:: DATA EXCERPTS ::

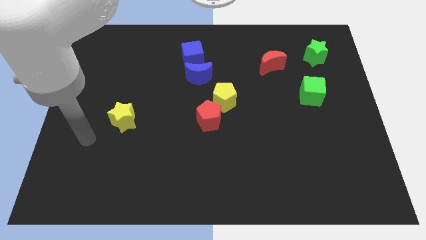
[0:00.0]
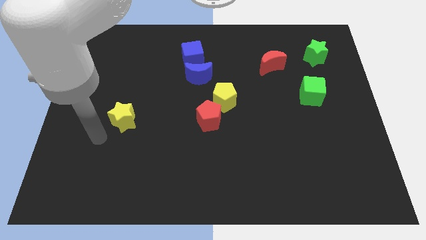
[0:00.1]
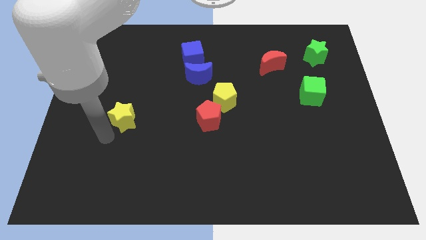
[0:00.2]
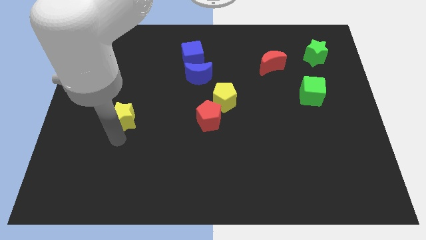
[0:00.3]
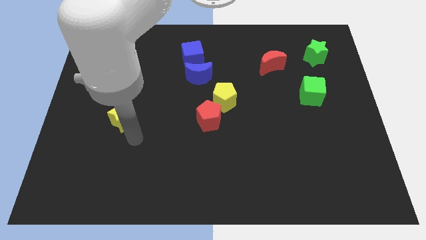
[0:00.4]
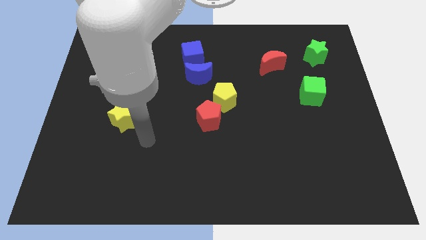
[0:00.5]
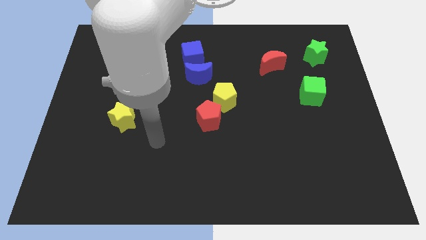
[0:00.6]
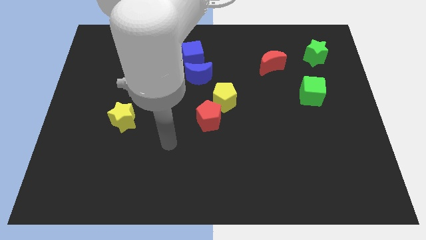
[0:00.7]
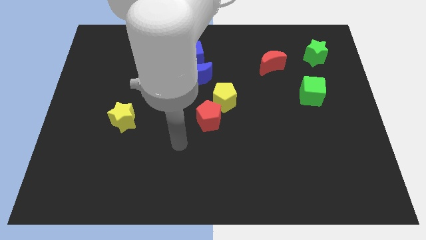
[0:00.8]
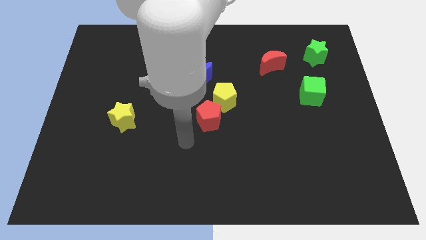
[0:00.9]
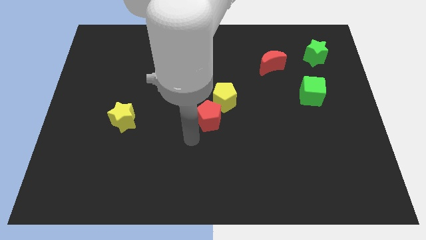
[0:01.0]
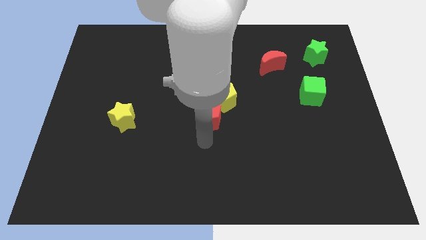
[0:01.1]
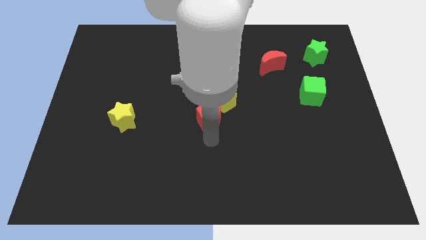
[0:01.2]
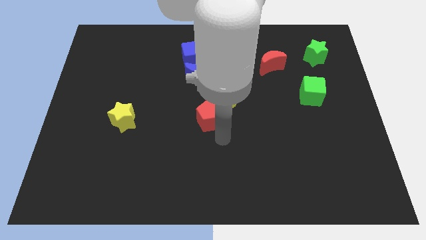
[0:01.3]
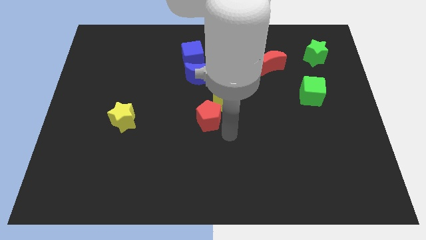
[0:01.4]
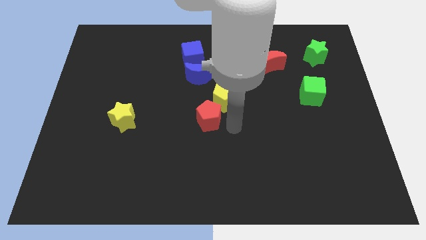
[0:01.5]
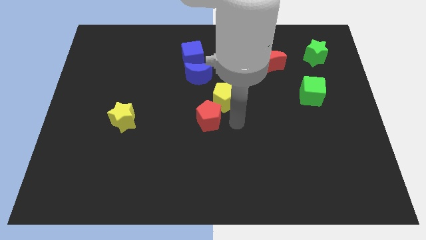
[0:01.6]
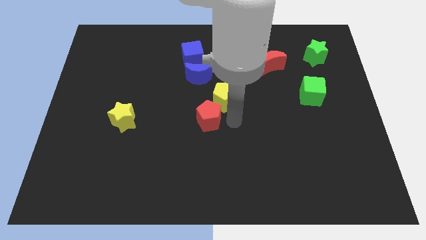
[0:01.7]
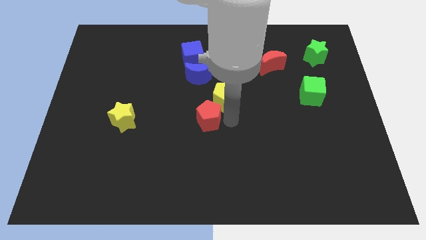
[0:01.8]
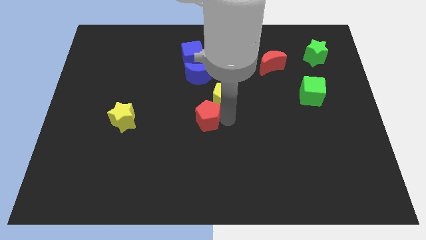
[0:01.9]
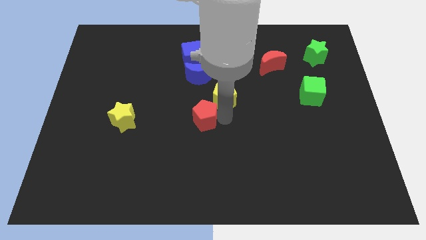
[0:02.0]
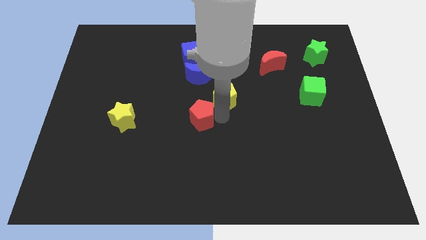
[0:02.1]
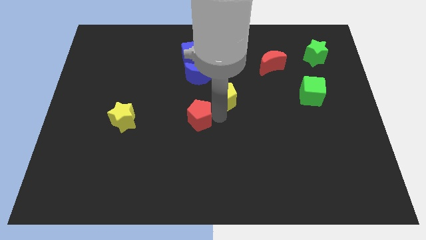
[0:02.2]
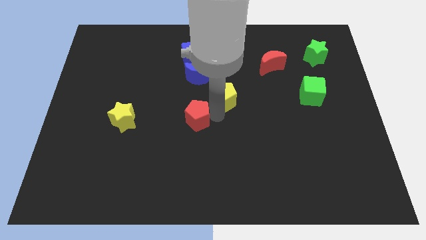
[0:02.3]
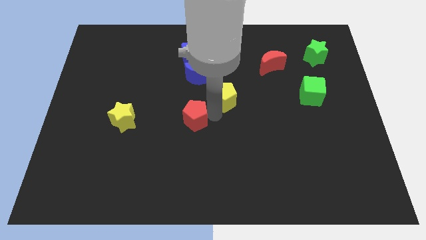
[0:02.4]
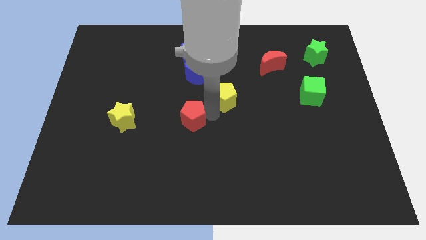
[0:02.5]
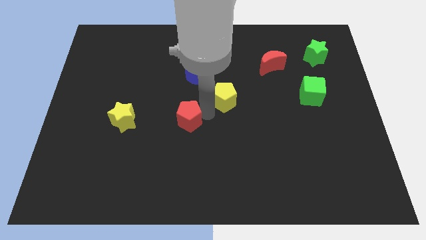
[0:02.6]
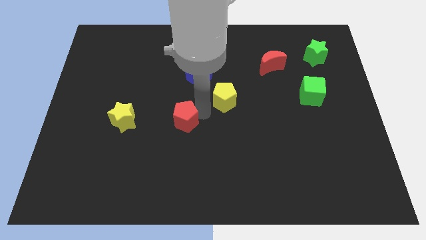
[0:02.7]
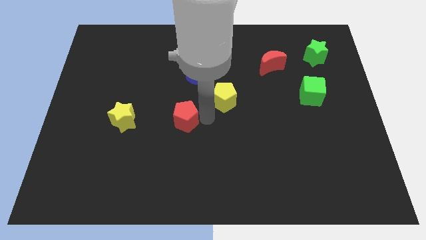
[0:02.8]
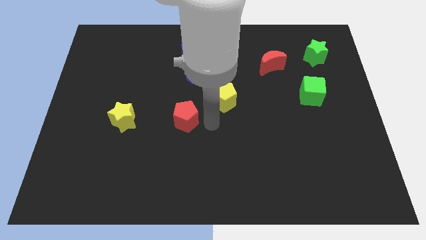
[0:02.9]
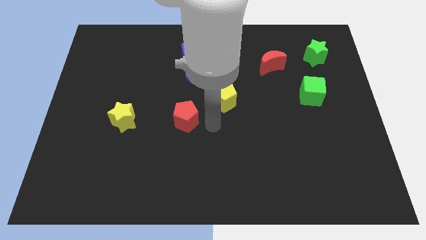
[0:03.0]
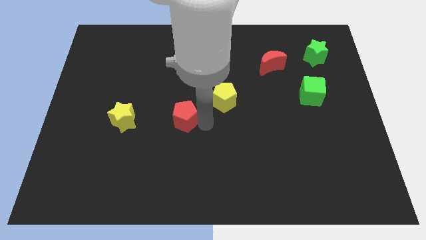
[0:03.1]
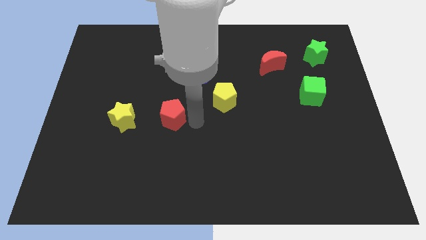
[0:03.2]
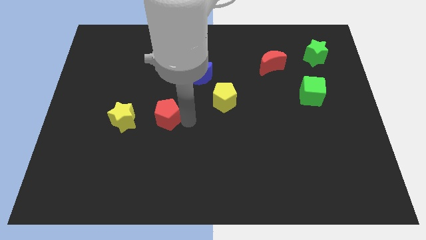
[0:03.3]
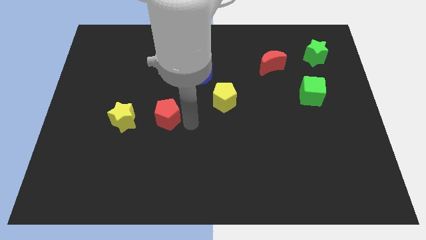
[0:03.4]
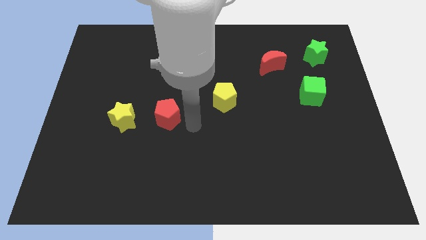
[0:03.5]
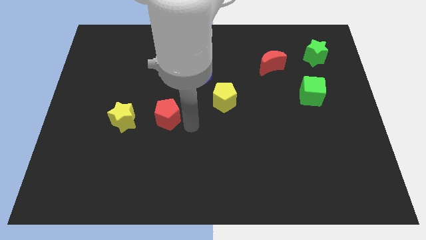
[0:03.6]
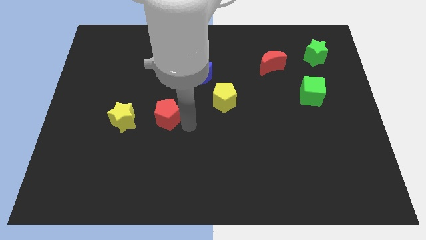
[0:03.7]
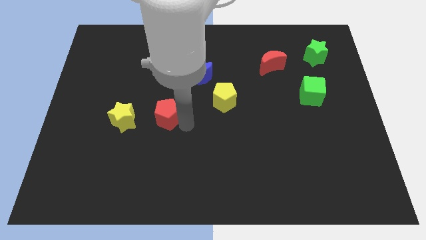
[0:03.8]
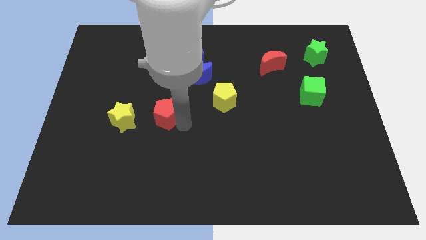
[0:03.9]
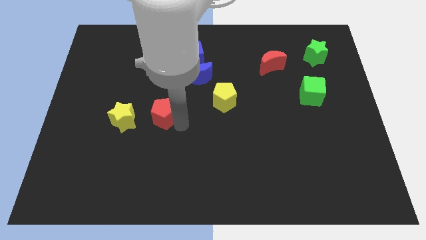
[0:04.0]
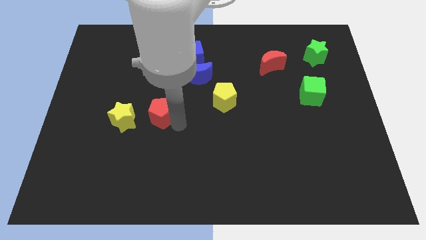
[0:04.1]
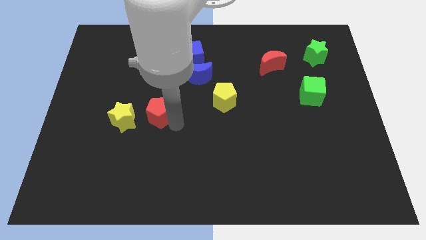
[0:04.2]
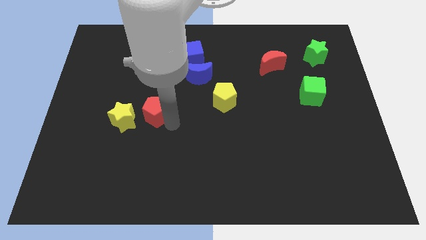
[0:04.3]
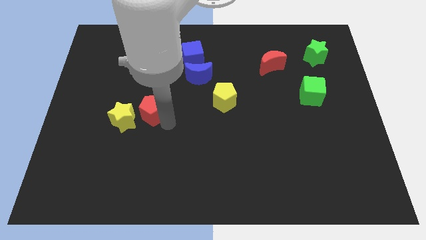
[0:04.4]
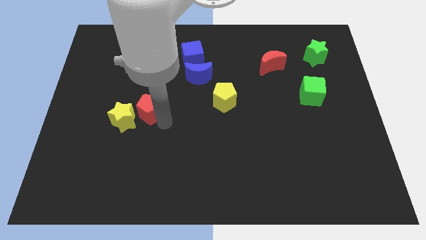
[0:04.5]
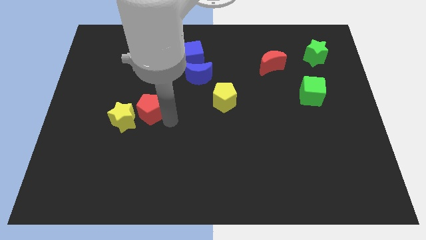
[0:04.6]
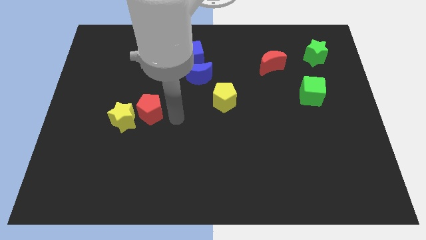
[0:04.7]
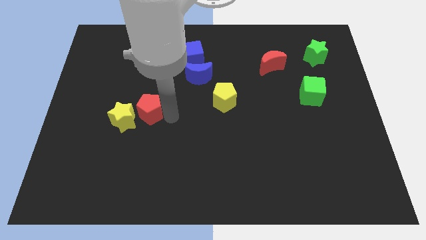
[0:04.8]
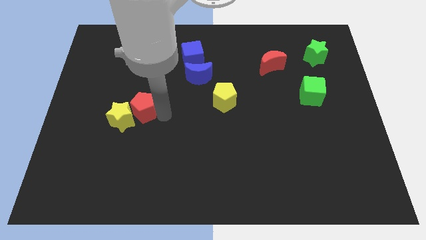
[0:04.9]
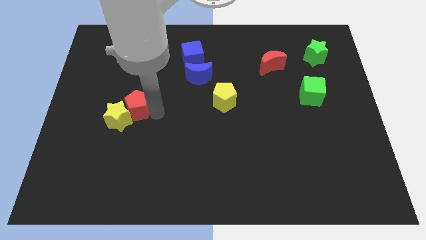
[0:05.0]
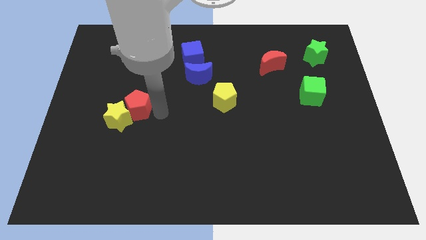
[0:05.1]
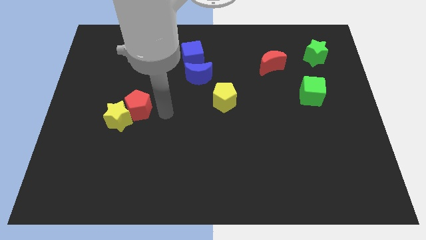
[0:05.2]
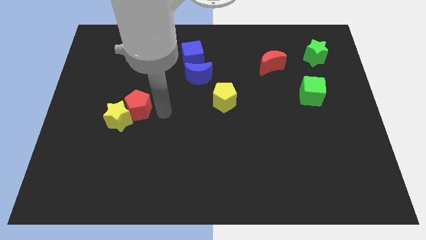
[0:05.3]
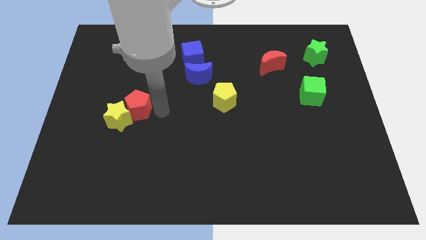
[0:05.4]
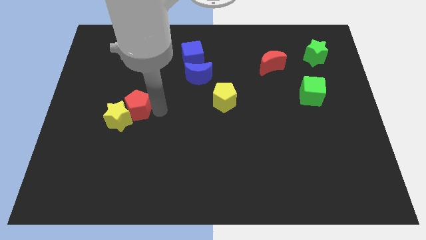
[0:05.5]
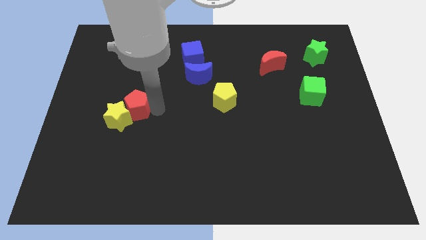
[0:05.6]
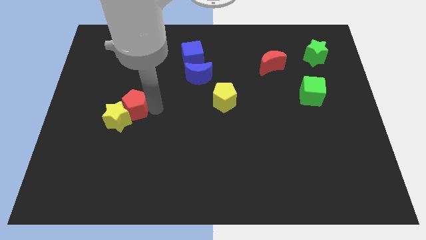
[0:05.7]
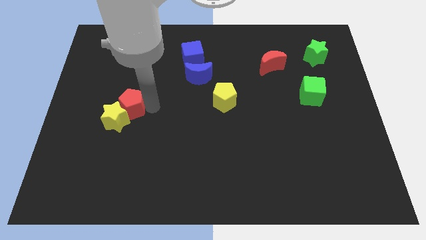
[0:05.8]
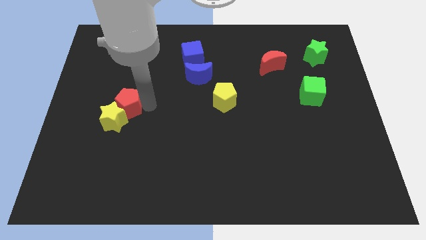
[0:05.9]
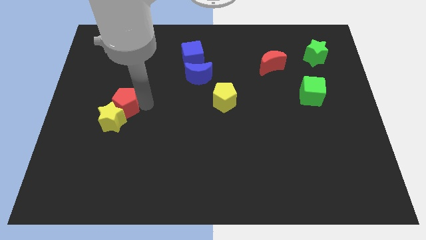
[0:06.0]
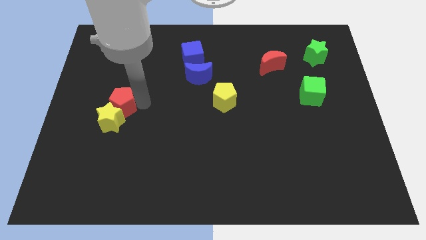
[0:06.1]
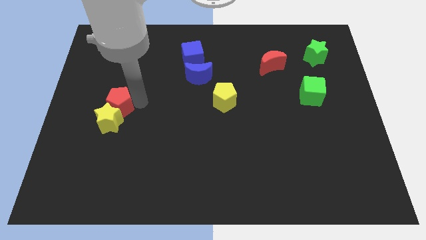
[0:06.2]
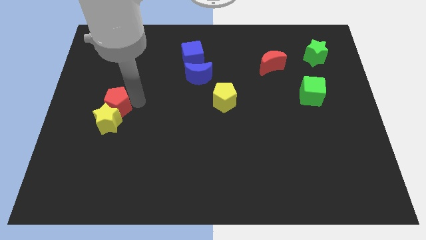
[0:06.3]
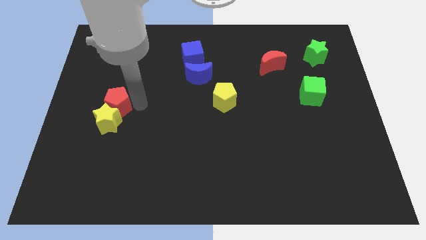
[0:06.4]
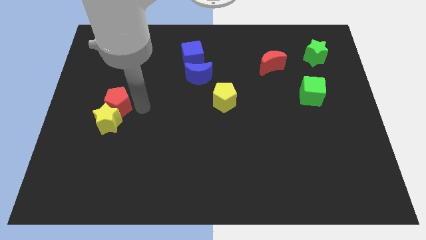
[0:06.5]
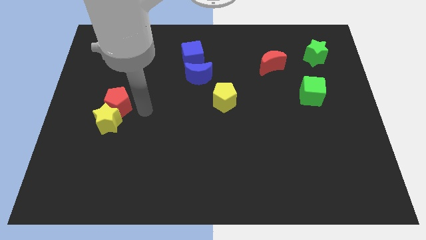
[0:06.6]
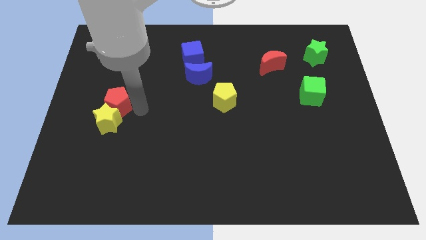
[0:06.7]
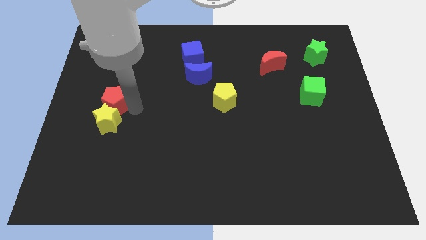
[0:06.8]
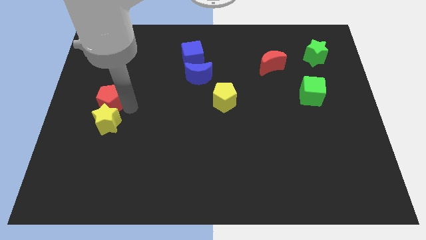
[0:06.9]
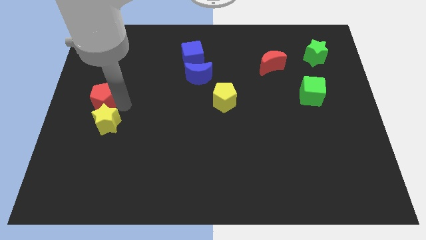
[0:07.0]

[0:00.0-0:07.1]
move the red pentagon to the center left

:::

EXERCISE REQUIREMENTS: Could each line of the data be written out exactly, with no pictures included?

TASK ANSWER:
[0:00.0]
[0:00.1]
[0:00.2]
[0:00.3]
[0:00.4]
[0:00.5]
[0:00.6]
[0:00.7]
[0:00.8]
[0:00.9]
[0:01.0]
[0:01.1]
[0:01.2]
[0:01.3]
[0:01.4]
[0:01.5]
[0:01.6]
[0:01.7]
[0:01.8]
[0:01.9]
[0:02.0]
[0:02.1]
[0:02.2]
[0:02.3]
[0:02.4]
[0:02.5]
[0:02.6]
[0:02.7]
[0:02.8]
[0:02.9]
[0:03.0]
[0:03.1]
[0:03.2]
[0:03.3]
[0:03.4]
[0:03.5]
[0:03.6]
[0:03.7]
[0:03.8]
[0:03.9]
[0:04.0]
[0:04.1]
[0:04.2]
[0:04.3]
[0:04.4]
[0:04.5]
[0:04.6]
[0:04.7]
[0:04.8]
[0:04.9]
[0:05.0]
[0:05.1]
[0:05.2]
[0:05.3]
[0:05.4]
[0:05.5]
[0:05.6]
[0:05.7]
[0:05.8]
[0:05.9]
[0:06.0]
[0:06.1]
[0:06.2]
[0:06.3]
[0:06.4]
[0:06.5]
[0:06.6]
[0:06.7]
[0:06.8]
[0:06.9]
[0:07.0]

[0:00.0-0:07.1]
move the red pentagon to the center left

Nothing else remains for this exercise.